JOHN ABERCROMBIE Gateway: Gateway ratings distribution

(58 ratings)
Essential: a masterpiece of progressive rock music(36%)
Excellent addition to any prog rock music collection(40%)
Good, but non-essential (16%)
Collectors/fans only (9%)
Poor. Only for completionists (0%)

JOHN ABERCROMBIE Gateway: Gateway reviews

Showing all collaborators reviews and last reviews preview | Show all reviews/ratings

Collaborators/Experts Reviews

Review by Philo
4 stars While all were loosing their heads during fusion fever time of the mid to late seventies, here are three well honed and extremely talented musicians putting on an album of dedicated jazz. John Abercrombie, Dave Holland and Jack DeJohnette are as stripped down as a jazz act gets and they produce the goods here on this album right through to the end, and in fact the album comes across as a little short even, but then again all good albums are like that I suppose, though the trio would get together and put out Gateway 2 a couple of years later. I'm slowly discovering the delights of the ECM label, and so far have not been disappointed with what I have heard, much of what I have heard is certainly top drawer quality. Gateway pushes and throbs through six cuts with some intricate interplay coming to the front. Holland's use of an upright bass here is inspired, and definitely refreshing for the mid seventies, the rolling rhythms of "Back-Woods Song" are as good as that which will open any decent jazz album if not better, it's impossible to get the lulling riff out of the mind and when Abercrombie's smooth, yet driving guitar glides in you know it is going to be good, and the albums lead by example. Basically what you get here is three competent musicians giving up some fantastic music
Review by Gooner
5 stars As mentioned, this is not solely a John Abercrombie solo album. This is a collective trio known as GATEWAY since they've had several reunion releases in the '80s and '90s. This is the debut on ECM Records. What we have here is the incredible Jack DeJohnette on drums, Dave Holland on bass and John Abercrombie on electric guitar. The sound on this recording is not unlike what Terje Rypdal and the Jean-Luc Ponty-era of the Mahavishnu Orchestra were doing around 1975. The opener "Backwoods Song" has some of the slinkiest acoustic bass you'll ever hear....and catchy interplay between Abercrombie and DeJohnette? WOW! Another highlight is the closer "Sorcery no.1". Definitely influenced by Red-era King Crimson, this one (to my ears, at least). It has a "Providence"-like feel to it (for those familiar with KC's "Red" LP). The build up from improv. trio to scorching guitar and riffing bass/drum interplay is probably the best thing I've heard in the fusion genre. Highly recommended. I would consider this a masterpiece.
Review by The Owl
5 stars This 1975 release on the ECM label had more ferocity and fangs than your average ECM disc of the time. Having come fresh off a recording session with Oregon's Colin Walcott for his Cloud Dance album, the three musicians decided to stir up some electrified and inspired mayhem of their own.
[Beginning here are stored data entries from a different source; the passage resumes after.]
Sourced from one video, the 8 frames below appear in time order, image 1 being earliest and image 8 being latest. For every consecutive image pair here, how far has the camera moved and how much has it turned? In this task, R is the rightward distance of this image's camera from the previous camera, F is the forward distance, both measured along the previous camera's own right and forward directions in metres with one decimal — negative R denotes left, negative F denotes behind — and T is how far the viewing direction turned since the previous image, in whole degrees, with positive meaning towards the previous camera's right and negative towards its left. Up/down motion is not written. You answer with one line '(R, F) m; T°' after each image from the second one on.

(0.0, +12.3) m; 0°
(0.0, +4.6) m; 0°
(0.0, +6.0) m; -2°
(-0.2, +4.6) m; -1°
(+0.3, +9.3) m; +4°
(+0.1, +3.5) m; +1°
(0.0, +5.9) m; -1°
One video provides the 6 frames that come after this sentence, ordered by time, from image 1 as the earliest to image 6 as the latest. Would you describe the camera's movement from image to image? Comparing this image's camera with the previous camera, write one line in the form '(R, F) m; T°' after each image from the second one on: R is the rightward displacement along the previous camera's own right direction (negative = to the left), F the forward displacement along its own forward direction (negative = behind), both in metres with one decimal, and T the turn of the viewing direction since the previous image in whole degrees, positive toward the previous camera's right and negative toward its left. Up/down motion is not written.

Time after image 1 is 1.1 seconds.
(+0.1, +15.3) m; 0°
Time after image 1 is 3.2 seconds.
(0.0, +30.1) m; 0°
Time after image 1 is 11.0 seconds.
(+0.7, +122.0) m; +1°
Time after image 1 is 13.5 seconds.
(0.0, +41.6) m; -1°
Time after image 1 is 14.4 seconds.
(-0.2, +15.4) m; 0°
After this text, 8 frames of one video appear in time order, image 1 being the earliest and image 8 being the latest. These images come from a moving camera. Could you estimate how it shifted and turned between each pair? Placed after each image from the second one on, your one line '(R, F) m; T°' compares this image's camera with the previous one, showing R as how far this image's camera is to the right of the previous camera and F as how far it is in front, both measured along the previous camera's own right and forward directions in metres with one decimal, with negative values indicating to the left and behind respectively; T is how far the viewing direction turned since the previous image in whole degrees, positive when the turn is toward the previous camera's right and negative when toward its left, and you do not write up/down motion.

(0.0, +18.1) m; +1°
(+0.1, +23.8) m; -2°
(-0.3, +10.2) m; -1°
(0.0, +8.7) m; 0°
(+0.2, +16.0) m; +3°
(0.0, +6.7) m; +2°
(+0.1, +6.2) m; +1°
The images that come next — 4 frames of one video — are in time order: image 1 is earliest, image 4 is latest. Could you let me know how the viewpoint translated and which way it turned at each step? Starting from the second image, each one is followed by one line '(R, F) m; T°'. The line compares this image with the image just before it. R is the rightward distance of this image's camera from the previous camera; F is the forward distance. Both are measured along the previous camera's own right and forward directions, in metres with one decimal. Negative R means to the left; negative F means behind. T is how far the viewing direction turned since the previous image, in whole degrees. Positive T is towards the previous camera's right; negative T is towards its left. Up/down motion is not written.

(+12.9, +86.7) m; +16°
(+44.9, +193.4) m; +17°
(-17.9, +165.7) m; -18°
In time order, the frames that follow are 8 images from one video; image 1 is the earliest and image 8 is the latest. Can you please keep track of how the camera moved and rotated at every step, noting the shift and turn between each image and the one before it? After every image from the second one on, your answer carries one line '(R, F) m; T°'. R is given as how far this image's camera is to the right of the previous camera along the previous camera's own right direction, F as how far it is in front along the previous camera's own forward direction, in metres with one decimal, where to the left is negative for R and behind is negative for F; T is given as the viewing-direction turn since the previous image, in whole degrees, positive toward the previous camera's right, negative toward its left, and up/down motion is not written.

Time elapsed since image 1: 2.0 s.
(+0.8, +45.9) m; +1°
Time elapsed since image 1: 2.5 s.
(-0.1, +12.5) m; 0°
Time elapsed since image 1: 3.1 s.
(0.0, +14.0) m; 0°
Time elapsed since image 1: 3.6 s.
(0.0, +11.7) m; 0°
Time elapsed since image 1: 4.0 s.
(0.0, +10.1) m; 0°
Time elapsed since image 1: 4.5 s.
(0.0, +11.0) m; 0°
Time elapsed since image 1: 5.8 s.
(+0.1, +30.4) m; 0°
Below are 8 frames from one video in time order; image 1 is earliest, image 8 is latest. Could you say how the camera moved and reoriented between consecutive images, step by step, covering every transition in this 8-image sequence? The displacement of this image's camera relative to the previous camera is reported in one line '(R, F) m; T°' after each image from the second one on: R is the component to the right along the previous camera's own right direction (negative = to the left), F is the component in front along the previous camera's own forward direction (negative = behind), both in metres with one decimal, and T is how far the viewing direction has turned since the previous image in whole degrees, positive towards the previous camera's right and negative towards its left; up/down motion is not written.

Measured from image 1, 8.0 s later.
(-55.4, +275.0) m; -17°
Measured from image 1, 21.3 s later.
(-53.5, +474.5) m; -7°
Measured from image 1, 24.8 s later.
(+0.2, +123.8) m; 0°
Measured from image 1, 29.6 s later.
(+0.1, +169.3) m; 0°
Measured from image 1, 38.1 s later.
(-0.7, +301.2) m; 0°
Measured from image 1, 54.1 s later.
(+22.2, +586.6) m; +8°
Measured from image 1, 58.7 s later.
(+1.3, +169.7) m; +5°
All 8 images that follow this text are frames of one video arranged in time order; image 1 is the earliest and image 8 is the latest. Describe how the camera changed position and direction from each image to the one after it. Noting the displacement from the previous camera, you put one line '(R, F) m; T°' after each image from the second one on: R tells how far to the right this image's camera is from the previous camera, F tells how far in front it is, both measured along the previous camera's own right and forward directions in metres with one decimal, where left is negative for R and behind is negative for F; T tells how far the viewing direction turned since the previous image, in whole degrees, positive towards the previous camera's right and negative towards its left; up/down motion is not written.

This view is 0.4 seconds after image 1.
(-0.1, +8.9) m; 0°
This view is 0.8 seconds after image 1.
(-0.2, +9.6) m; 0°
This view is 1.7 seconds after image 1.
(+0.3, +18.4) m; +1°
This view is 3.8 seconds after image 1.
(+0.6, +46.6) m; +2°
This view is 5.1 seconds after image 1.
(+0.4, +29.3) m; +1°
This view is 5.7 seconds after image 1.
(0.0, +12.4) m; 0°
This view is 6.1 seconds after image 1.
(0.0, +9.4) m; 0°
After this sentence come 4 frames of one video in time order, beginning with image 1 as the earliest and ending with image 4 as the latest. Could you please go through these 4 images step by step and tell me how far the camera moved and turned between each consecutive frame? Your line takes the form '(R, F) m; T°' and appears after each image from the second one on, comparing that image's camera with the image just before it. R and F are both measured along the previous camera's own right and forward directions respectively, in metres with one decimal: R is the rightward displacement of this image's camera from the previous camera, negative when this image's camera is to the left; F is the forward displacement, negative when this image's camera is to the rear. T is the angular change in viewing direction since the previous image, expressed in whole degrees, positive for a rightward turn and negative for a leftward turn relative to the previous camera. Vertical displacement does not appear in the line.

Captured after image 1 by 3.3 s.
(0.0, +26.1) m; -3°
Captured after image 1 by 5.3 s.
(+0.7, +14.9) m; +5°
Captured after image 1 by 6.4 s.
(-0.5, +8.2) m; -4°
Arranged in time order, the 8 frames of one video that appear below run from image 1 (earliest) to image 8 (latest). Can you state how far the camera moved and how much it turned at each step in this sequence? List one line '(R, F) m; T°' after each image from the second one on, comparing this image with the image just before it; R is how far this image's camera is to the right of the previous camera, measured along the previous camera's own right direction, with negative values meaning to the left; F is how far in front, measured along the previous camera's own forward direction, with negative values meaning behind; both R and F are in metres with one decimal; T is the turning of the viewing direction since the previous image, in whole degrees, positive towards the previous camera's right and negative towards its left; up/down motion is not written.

Bassist Dave Holland leads the charge on Backwoods Song, starting innocently enough with a country-ish groove, then enters DeJohnette to give it further drive, then Abercrombie steers it toward the outer fringes of the woods, so to speak, with a vaguely unsettling, warbling melody, leading to a bluesy turnaround. From there, JA takes you to the darkest most unknown parts of this woods with his relentless guitar musings. Waiting is Dave Hollands' hypnotic bass solo piece that definitely conveys that feeling very well in fact. May Dance is a sunnier, more upbeat bop-inspired romp with Abercrombie leading the way with a clean yet edgy jazz tone from his axe.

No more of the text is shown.